- _WORK INSTRUCTION_:
Skip the pictures and write out, word for word, the lines below from the one with "Question: Can you" through the one with "Answer: އަހަރެންގެ ދުޝްމަނުކަމެއް", inclusive.

- _ENTRIES SUPPLIED_:
───

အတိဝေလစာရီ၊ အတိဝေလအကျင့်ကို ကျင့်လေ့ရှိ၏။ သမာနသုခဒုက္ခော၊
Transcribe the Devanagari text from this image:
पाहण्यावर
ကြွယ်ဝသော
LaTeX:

───

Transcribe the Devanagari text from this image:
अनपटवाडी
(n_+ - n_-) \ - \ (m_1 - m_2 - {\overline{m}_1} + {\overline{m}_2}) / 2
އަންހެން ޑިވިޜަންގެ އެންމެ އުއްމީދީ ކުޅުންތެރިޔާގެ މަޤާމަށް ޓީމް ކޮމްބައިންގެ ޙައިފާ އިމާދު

───

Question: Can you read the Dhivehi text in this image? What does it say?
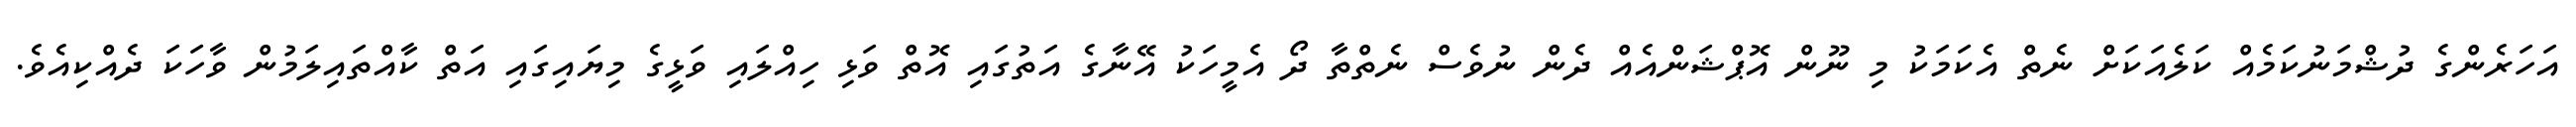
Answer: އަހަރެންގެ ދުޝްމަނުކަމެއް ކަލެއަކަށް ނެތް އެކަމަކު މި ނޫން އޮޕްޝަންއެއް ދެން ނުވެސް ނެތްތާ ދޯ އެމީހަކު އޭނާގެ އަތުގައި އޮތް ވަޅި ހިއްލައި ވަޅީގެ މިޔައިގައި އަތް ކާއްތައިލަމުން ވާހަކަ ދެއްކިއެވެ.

───

- _RESPONSE TO THE EXERCISE_:
Question: Can you read the Dhivehi text in this image? What does it say?
Answer: އަހަރެންގެ ދުޝްމަނުކަމެއް ކަލެއަކަށް ނެތް އެކަމަކު މި ނޫން އޮޕްޝަންއެއް ދެން ނުވެސް ނެތްތާ ދޯ އެމީހަކު އޭނާގެ އަތުގައި އޮތް ވަޅި ހިއްލައި ވަޅީގެ މިޔައިގައި އަތް ކާއްތައިލަމުން ވާހަކަ ދެއްކިއެވެ.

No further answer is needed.